I’m currently working on image denoising.
I have written a pretty basic CNN model architecture which has the following architecture:-
CNNmodel(
(model): Sequential(
(0): Conv2d(1, 8, kernel_size=(3, 3), stride=(1, 1), padding=(1, 1))
(1): BatchNorm2d(8, eps=1e-05, momentum=0.1, affine=True, track_running_stats=True)
(2): PReLU(num_parameters=1)
(3): Conv2d(8, 16, kernel_size=(3, 3), stride=(1, 1), padding=(1, 1))
(4): BatchNorm2d(16, eps=1e-05, momentum=0.1, affine=True, track_running_stats=True)
(5): PReLU(num_parameters=1)
(6): Dropout(p=0.2, inplace=False)
(7): Conv2d(16, 32, kernel_size=(3, 3), stride=(1, 1), padding=(1, 1))
(8): BatchNorm2d(32, eps=1e-05, momentum=0.1, affine=True, track_running_stats=True)
(9): PReLU(num_parameters=1)
(10): Dropout(p=0.2, inplace=False)
(11): Conv2d(32, 16, kernel_size=(3, 3), stride=(1, 1), padding=(1, 1))
(12): BatchNorm2d(16, eps=1e-05, momentum=0.1, affine=True, track_running_stats=True)
(13): PReLU(num_parameters=1)
(14): Dropout(p=0.2, inplace=False)
(15): Conv2d(16, 8, kernel_size=(3, 3), stride=(1, 1), padding=(1, 1))
(16): BatchNorm2d(8, eps=1e-05, momentum=0.1, affine=True, track_running_stats=True)

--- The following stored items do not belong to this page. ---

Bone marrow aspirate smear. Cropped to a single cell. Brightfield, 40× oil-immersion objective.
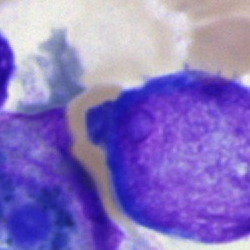
Specimen: bone marrow smear.
Morphological class: blast.
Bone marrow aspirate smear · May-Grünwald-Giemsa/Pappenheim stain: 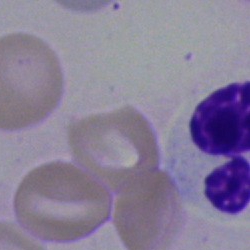Morphology consistent with a segmented neutrophil.
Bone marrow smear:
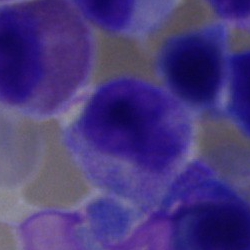The cell shown is a metamyelocyte.
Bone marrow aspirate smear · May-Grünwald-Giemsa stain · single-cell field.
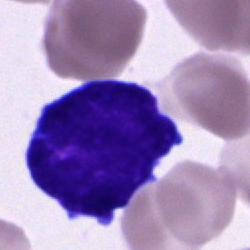A cell of indeterminate lineage.
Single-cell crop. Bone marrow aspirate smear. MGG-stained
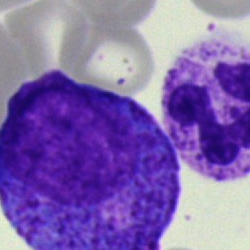Q: What is shown here?
A: Progranulocyte.
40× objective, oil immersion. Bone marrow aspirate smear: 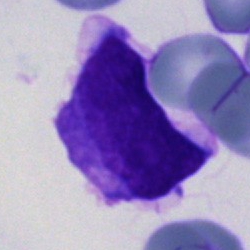 Q: What type of cell is this?
A: A blast cell.
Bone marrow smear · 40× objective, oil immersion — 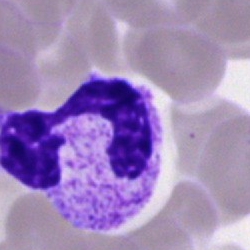{"cell_type": "neutrophil (segmented)"}
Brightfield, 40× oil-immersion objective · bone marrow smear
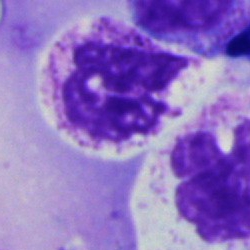
Q: Identify the cell.
A: Neutrophil (segmented).
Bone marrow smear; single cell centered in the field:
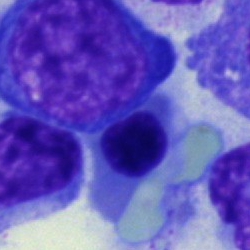
Morphological class: nucleated red blood cell.
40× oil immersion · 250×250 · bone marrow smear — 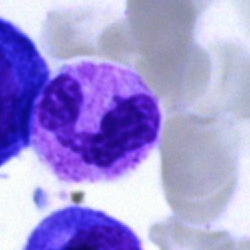
Showing a segmented neutrophil.
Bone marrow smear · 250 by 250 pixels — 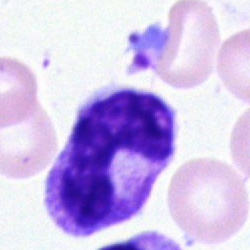

This is a stab cell.
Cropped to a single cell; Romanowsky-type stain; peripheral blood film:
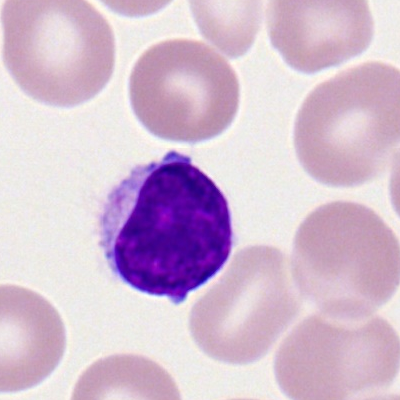

Q: What cell is this?
A: Lymphocyte.

(17): PReLU(num_parameters=1)
(18): Dropout(p=0.2, inplace=False)
(19): Conv2d(8, 1, kernel_size=(3, 3), stride=(1, 1), padding=(1, 1))

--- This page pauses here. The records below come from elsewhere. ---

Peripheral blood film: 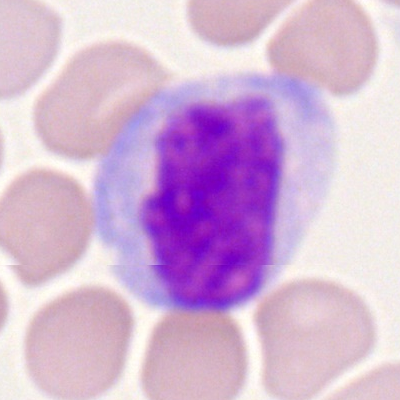
Impression — monocyte.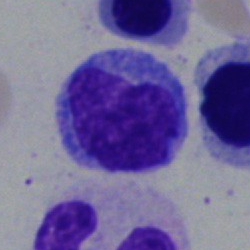

This is a monocyte.
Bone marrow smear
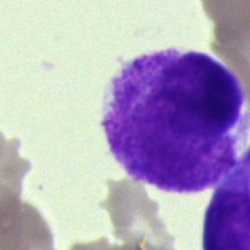

Q: What is the morphological classification of this cell?
A: A blast.
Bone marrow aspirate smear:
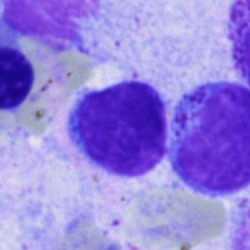 Q: What cell is this?
A: Typical lymphocyte.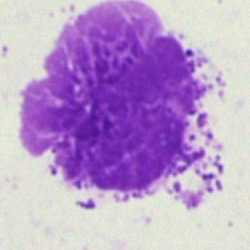
Impression — artifact.
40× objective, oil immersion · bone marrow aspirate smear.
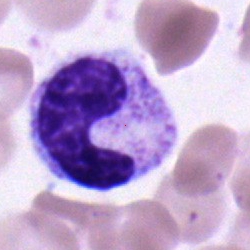

Morphological class = proerythroblast.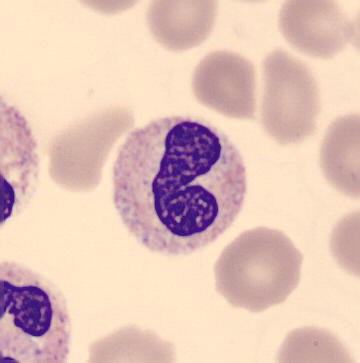

Showing a band-form neutrophil.
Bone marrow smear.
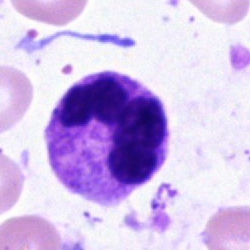Specimen: bone marrow aspirate smear.
Cell: neutrophil (segmented).
Lineage: myeloid.
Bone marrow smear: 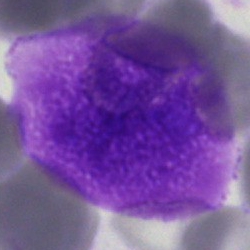
Morphological class: artefact.
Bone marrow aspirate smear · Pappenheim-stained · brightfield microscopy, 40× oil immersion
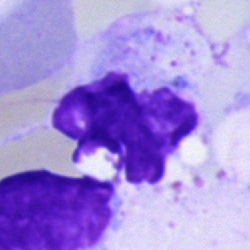
Classification = artefact.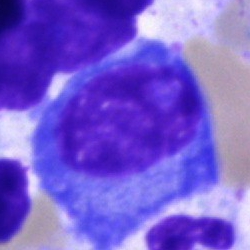 Single-cell crop from a bone marrow smear: plasmacyte.
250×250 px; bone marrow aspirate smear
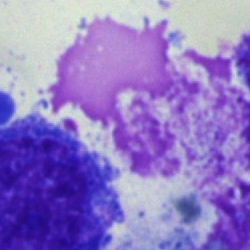
Single cell identified as an artifact.
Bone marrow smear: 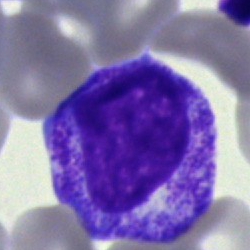

Morphology consistent with a progranulocyte.
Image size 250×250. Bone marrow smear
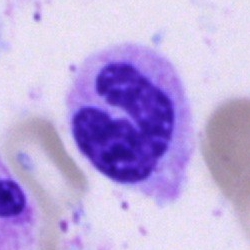 Specimen: bone marrow aspirate smear.
Morphological class: segmented neutrophil.
Lineage: myeloid.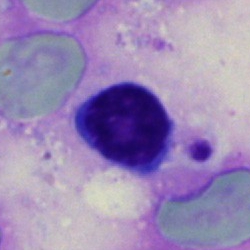
Cell type: typical lymphocyte.
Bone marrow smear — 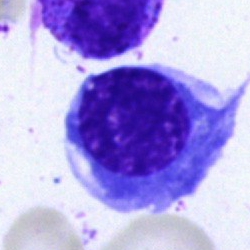

Specimen: bone marrow smear.
Cell type: nucleated red blood cell.
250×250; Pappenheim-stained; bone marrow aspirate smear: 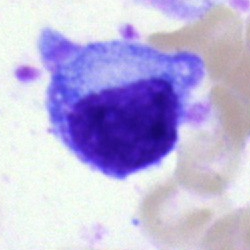 Showing a myelocyte.
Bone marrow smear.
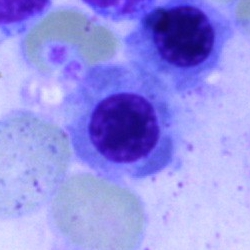

This is a nucleated red blood cell.
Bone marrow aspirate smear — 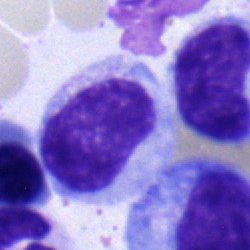This is a metamyelocyte.
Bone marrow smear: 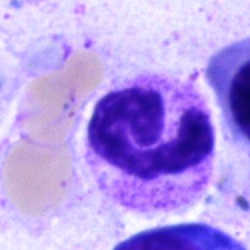 Polymorphonuclear neutrophil.
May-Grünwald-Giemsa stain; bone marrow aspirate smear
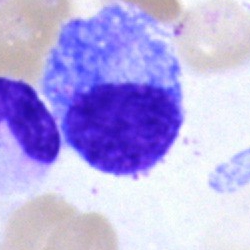

Q: What is shown here?
A: A plasmacyte.
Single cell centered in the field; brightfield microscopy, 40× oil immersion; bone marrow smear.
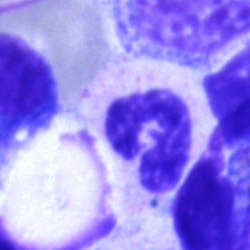
{"cell_type": "polymorphonuclear neutrophil", "lineage": "myeloid"}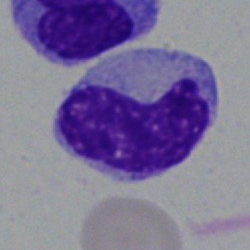
Cell type = band-form neutrophil.
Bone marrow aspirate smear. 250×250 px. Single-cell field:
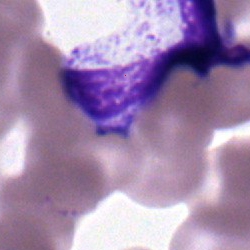 Single cell identified as a segmented neutrophil.
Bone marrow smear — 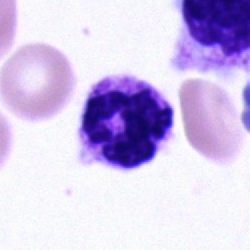
{"cell_type": "segmented neutrophil"}
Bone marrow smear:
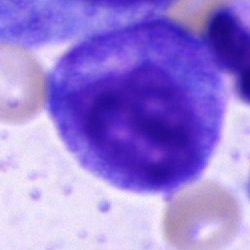
Impression — progranulocyte.
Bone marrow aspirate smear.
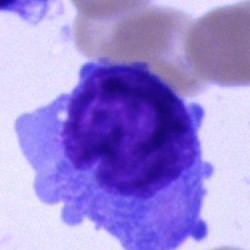 This is a blast.
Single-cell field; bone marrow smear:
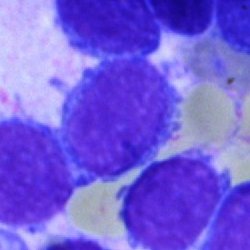
Morphology — lymphocyte.
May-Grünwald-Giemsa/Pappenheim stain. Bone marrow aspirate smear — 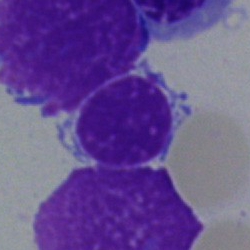This is a lymphocyte.
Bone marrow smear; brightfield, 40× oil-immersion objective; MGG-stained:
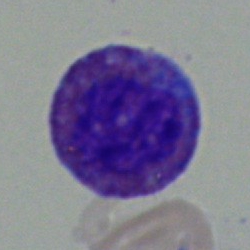Cell — eosinophilic granulocyte.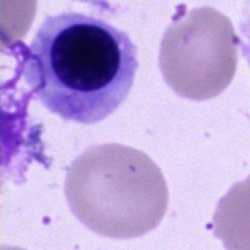

Cell type: nucleated red blood cell.
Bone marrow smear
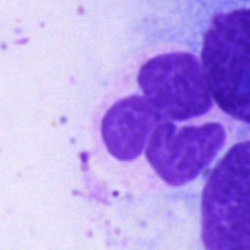Cell: polymorphonuclear neutrophil.
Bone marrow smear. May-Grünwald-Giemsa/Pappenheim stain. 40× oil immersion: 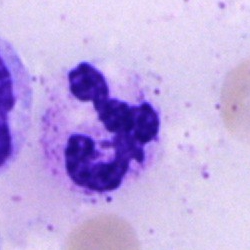

Morphological class: segmented neutrophil.
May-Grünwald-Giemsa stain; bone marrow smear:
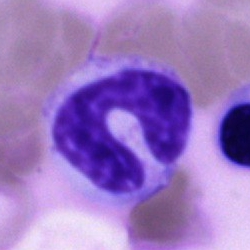 Morphology consistent with a stab cell.
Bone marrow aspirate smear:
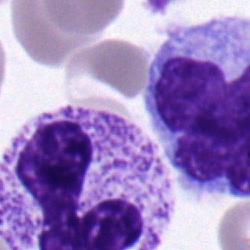 Morphological class — monocyte.
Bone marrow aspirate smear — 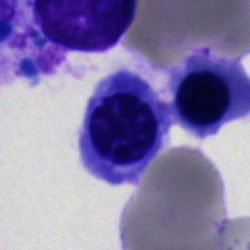
This is a nucleated red cell.
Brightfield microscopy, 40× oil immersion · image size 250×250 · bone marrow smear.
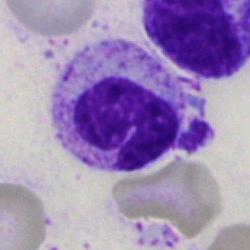 Morphology → segmented neutrophil.
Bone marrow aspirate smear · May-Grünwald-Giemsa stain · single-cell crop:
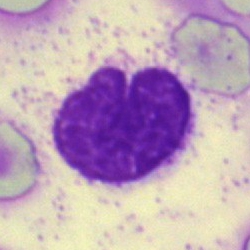
Impression — artifact.
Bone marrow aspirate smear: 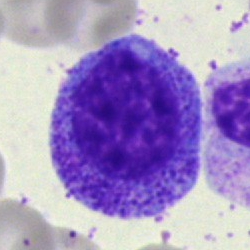 Q: What is shown here?
A: A progranulocyte.
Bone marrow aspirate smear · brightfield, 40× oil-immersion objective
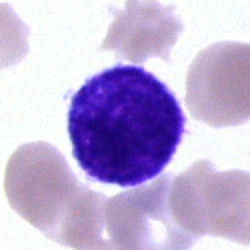

Q: What cell is this?
A: This is a typical lymphocyte.
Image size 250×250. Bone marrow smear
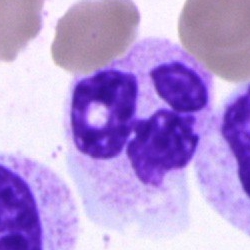 Impression → polymorphonuclear neutrophil.
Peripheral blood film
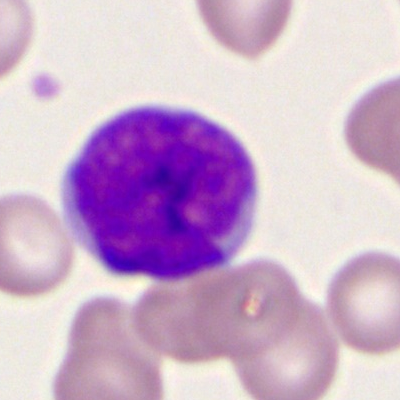 Q: Which cell type is shown here?
A: This is a myeloblast.

(20): PReLU(num_parameters=1)
)
)
Few details of my project-
- The training data has 5k images and validation data has 500 images
- Batch size is of "1" and total iteration of 30k which brings num_epochs = 5
Now the issue I’m facing is:-
- When I start training the model the 0th epoch (i.e. 5k iters) takes around 70 minutes and rest 4 epochs get over in next 70 mins. Also the loss( I've selected MSE loss doesn't seem to reduce or vary much over 5 epochs either.
I think this is due to vanishing gradients.
Any comments why is this happening and what can be done to overcome this challenge?